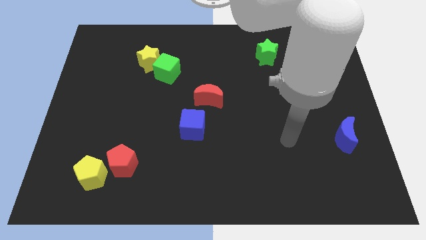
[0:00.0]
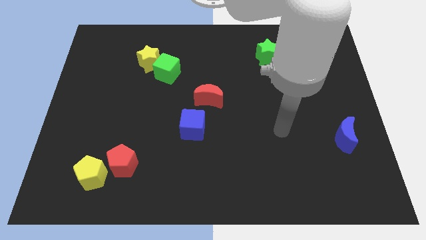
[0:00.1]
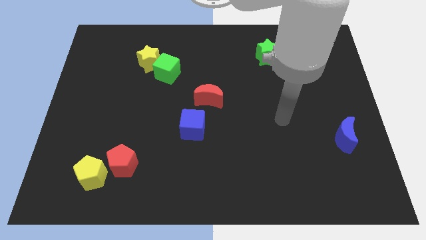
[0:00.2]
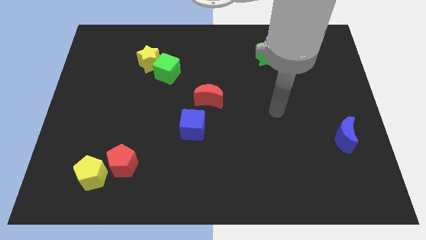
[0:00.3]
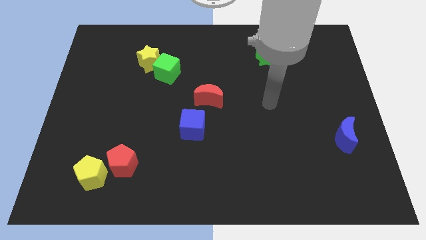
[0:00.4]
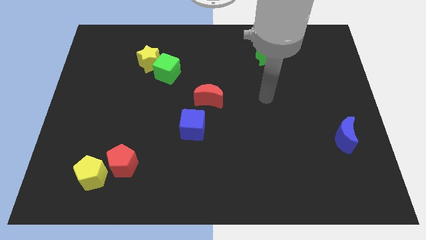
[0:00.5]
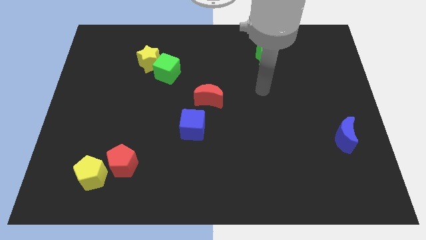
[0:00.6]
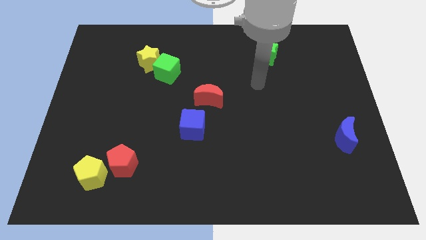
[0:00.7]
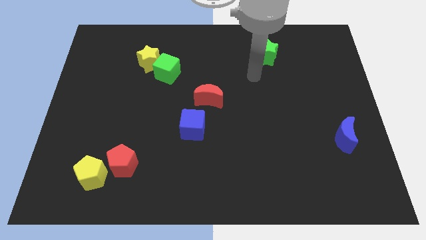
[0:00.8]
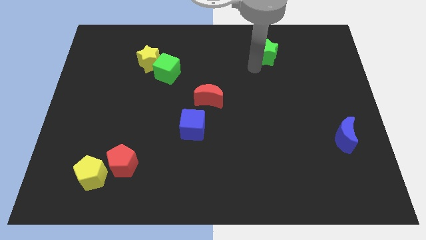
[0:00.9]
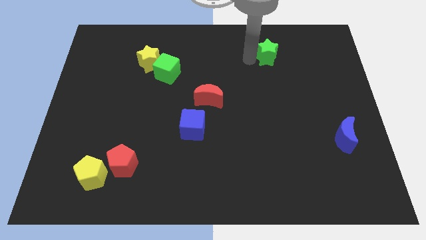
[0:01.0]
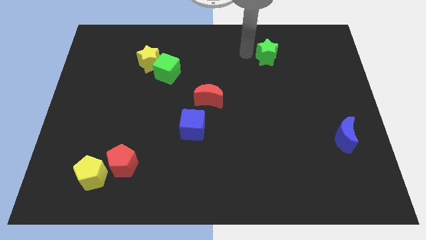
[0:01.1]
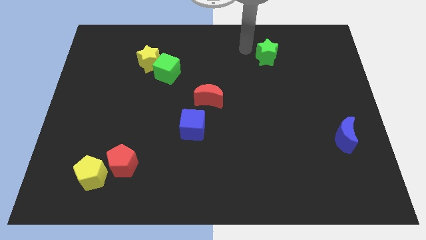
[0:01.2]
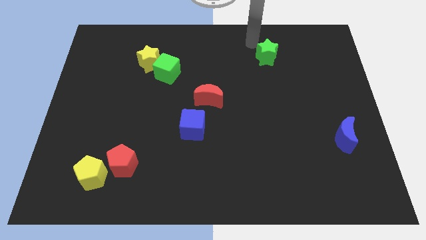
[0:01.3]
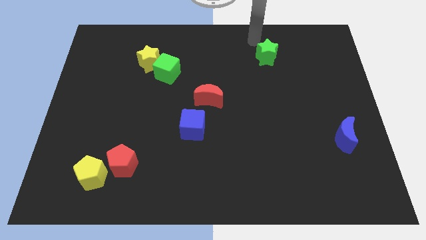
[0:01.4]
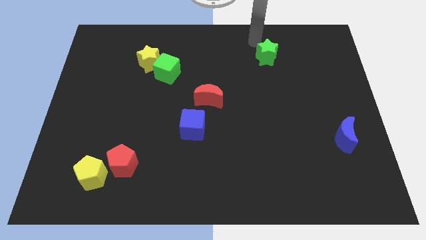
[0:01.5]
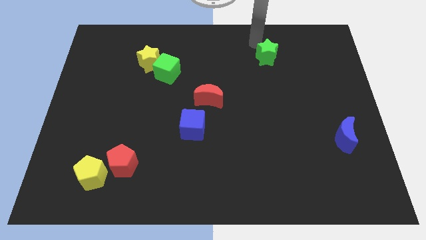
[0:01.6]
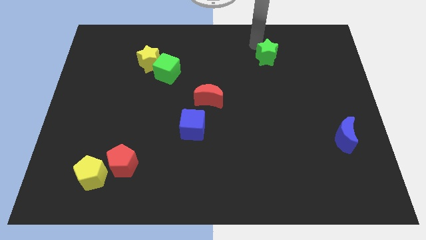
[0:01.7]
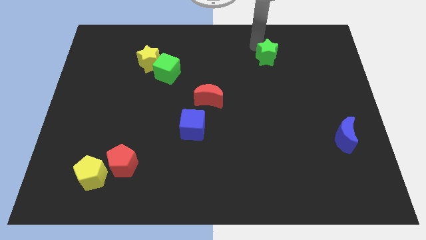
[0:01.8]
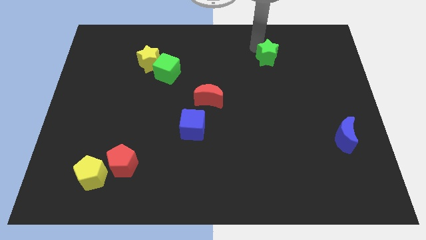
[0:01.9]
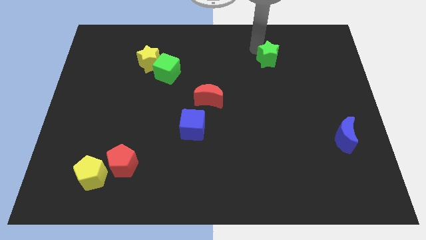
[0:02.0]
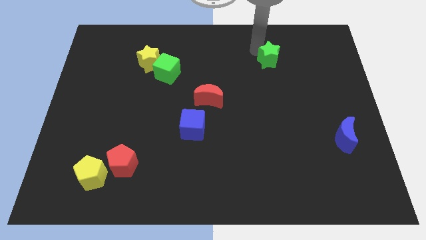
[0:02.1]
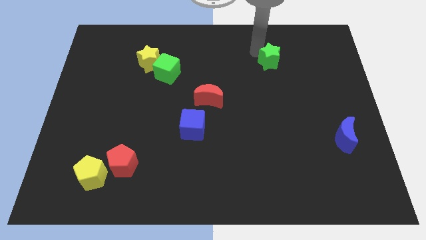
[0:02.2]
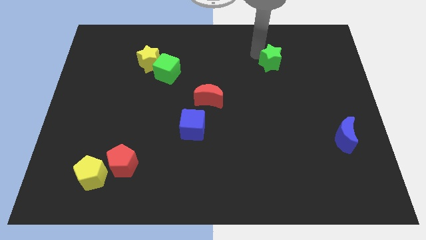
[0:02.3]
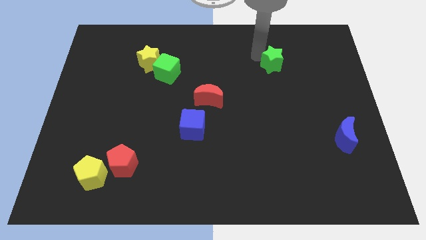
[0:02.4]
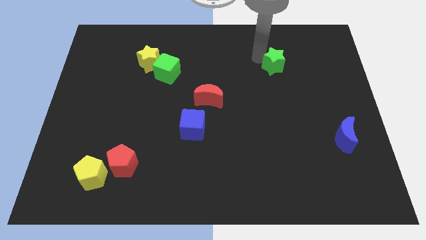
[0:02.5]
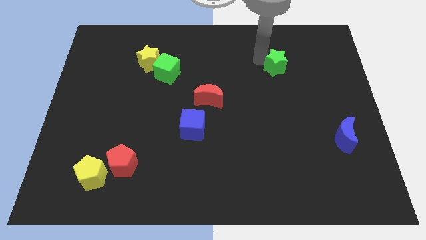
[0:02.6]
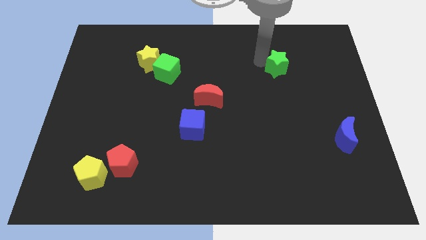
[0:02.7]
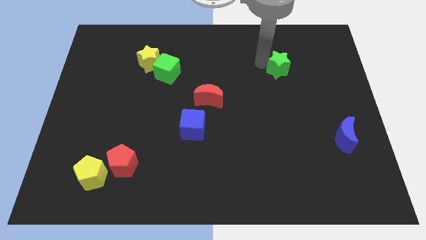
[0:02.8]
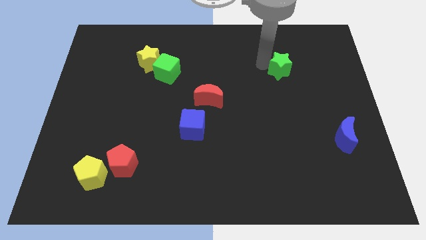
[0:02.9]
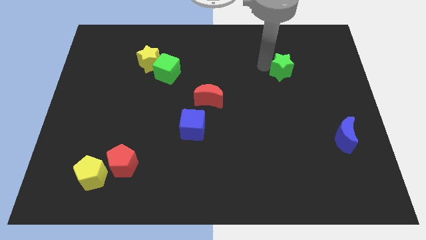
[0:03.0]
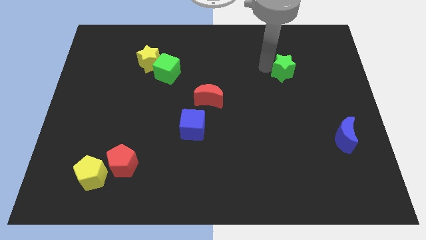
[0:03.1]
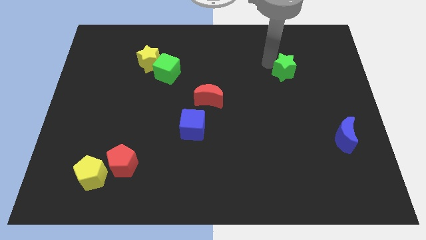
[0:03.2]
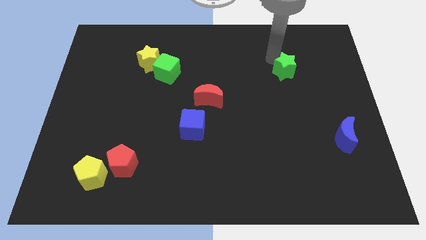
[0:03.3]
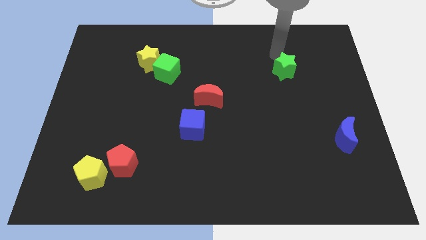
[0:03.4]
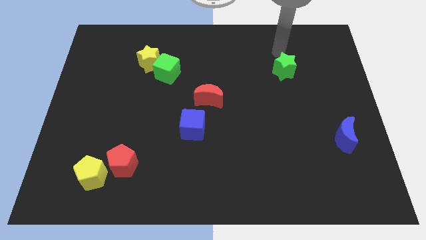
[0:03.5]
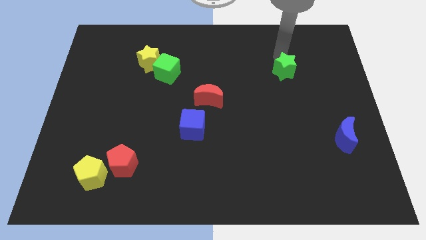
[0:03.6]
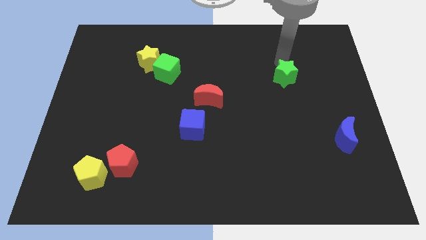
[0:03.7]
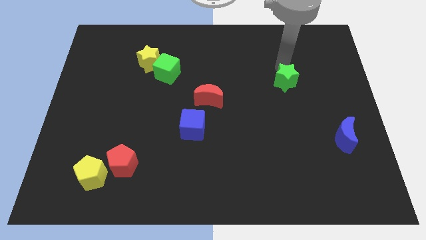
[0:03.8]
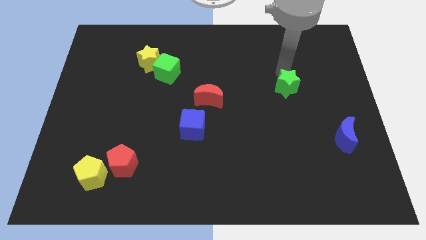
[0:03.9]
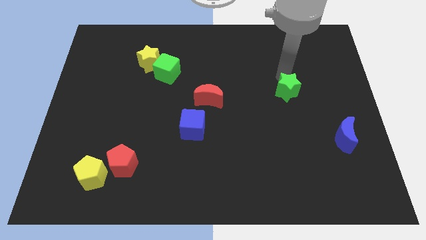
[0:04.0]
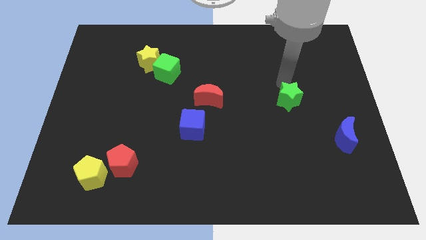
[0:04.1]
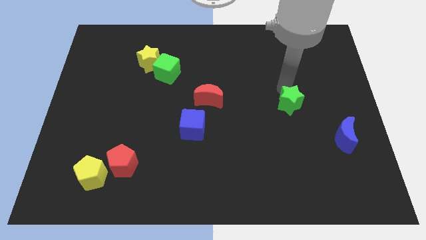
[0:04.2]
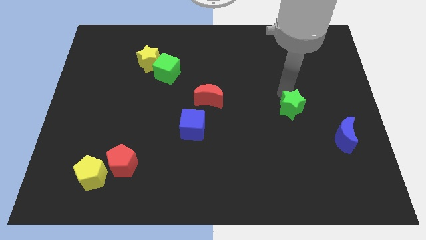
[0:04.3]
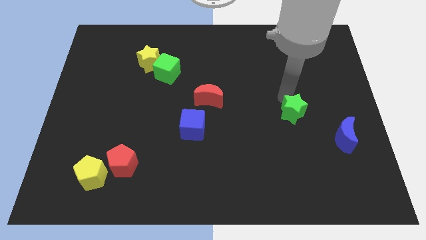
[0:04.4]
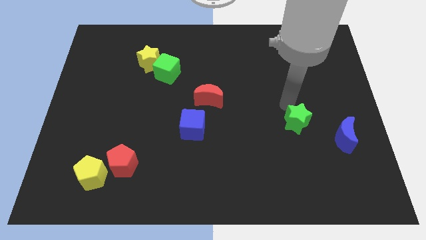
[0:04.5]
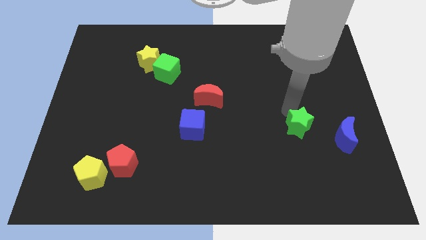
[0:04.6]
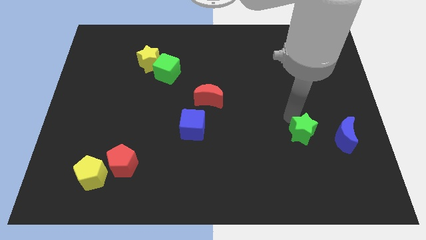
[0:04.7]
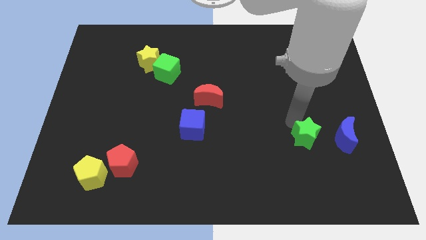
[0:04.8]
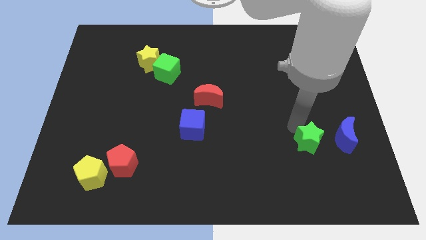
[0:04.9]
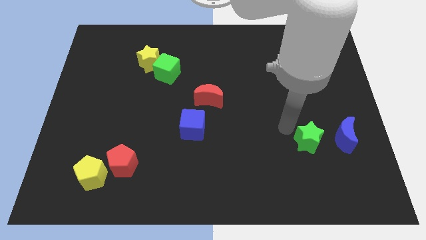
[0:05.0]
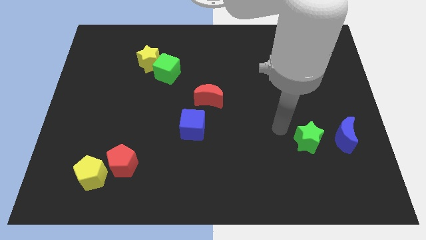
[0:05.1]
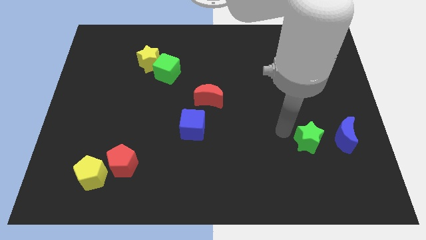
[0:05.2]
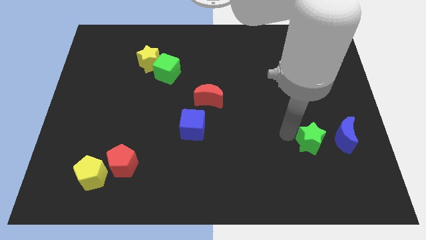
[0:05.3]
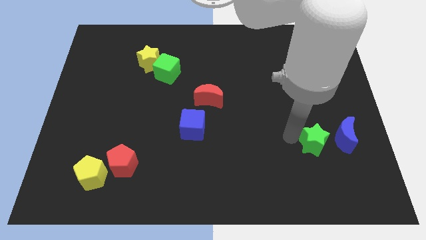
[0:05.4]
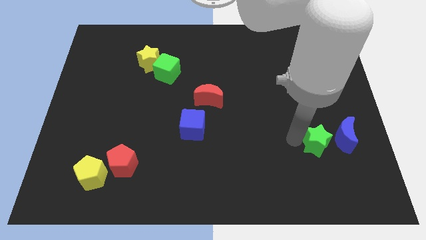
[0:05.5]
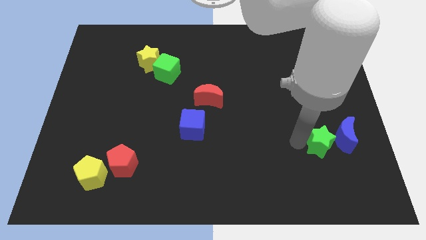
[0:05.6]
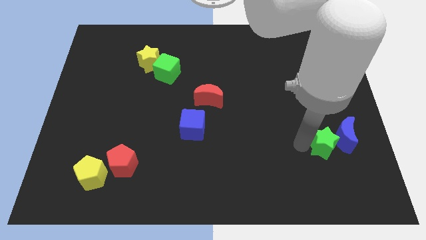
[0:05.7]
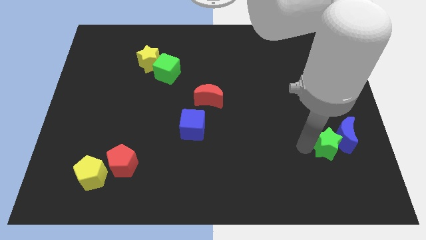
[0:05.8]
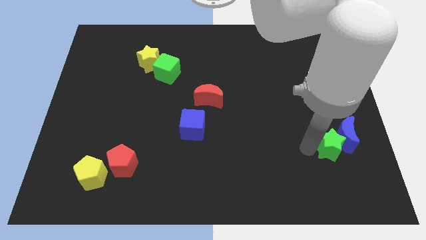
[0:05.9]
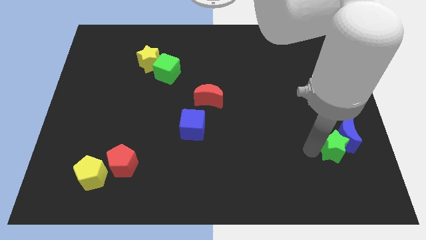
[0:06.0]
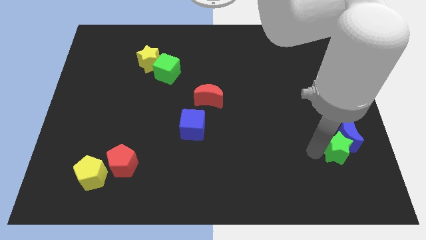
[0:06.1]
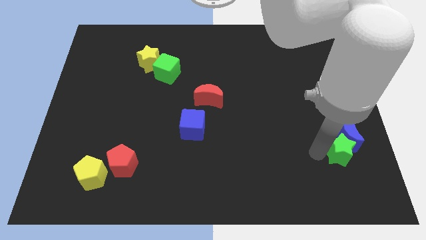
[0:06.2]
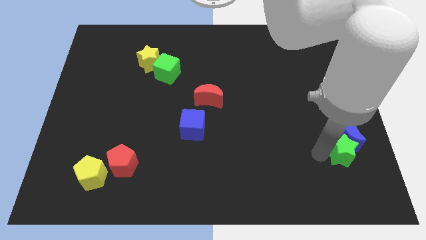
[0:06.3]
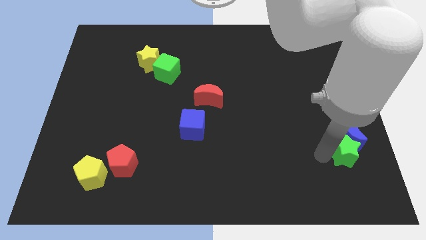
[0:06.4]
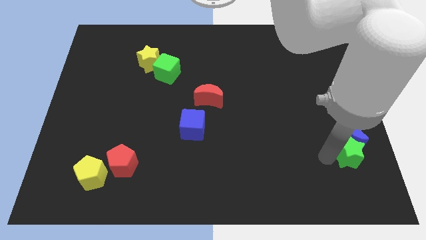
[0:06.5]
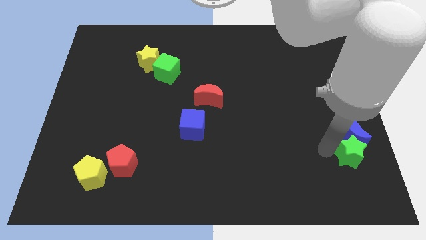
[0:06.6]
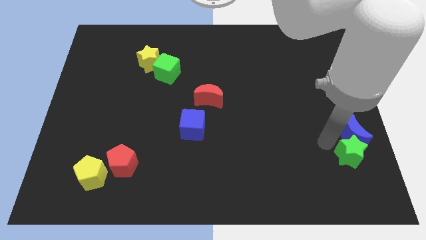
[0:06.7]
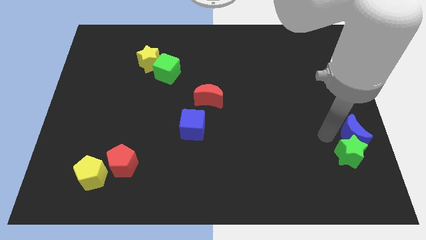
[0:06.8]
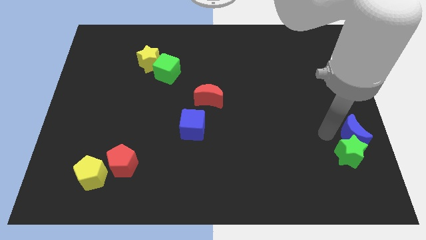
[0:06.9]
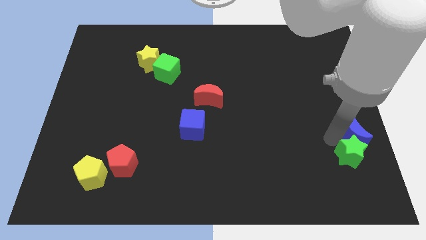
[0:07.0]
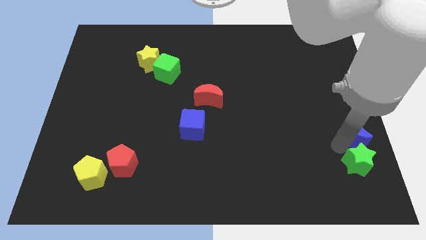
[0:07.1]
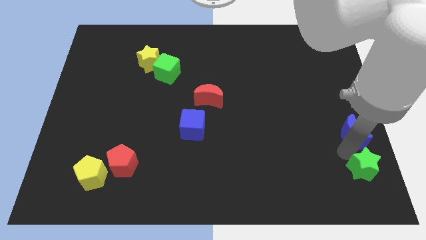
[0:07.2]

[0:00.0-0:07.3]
push the green star to the lower right corner
....................
> [What is required] All of the material must be given again exactly, though no picture may appear in the copy.

> [Exercise answer]
[0:00.0]
[0:00.1]
[0:00.2]
[0:00.3]
[0:00.4]
[0:00.5]
[0:00.6]
[0:00.7]
[0:00.8]
[0:00.9]
[0:01.0]
[0:01.1]
[0:01.2]
[0:01.3]
[0:01.4]
[0:01.5]
[0:01.6]
[0:01.7]
[0:01.8]
[0:01.9]
[0:02.0]
[0:02.1]
[0:02.2]
[0:02.3]
[0:02.4]
[0:02.5]
[0:02.6]
[0:02.7]
[0:02.8]
[0:02.9]
[0:03.0]
[0:03.1]
[0:03.2]
[0:03.3]
[0:03.4]
[0:03.5]
[0:03.6]
[0:03.7]
[0:03.8]
[0:03.9]
[0:04.0]
[0:04.1]
[0:04.2]
[0:04.3]
[0:04.4]
[0:04.5]
[0:04.6]
[0:04.7]
[0:04.8]
[0:04.9]
[0:05.0]
[0:05.1]
[0:05.2]
[0:05.3]
[0:05.4]
[0:05.5]
[0:05.6]
[0:05.7]
[0:05.8]
[0:05.9]
[0:06.0]
[0:06.1]
[0:06.2]
[0:06.3]
[0:06.4]
[0:06.5]
[0:06.6]
[0:06.7]
[0:06.8]
[0:06.9]
[0:07.0]
[0:07.1]
[0:07.2]

[0:00.0-0:07.3]
push the green star to the lower right corner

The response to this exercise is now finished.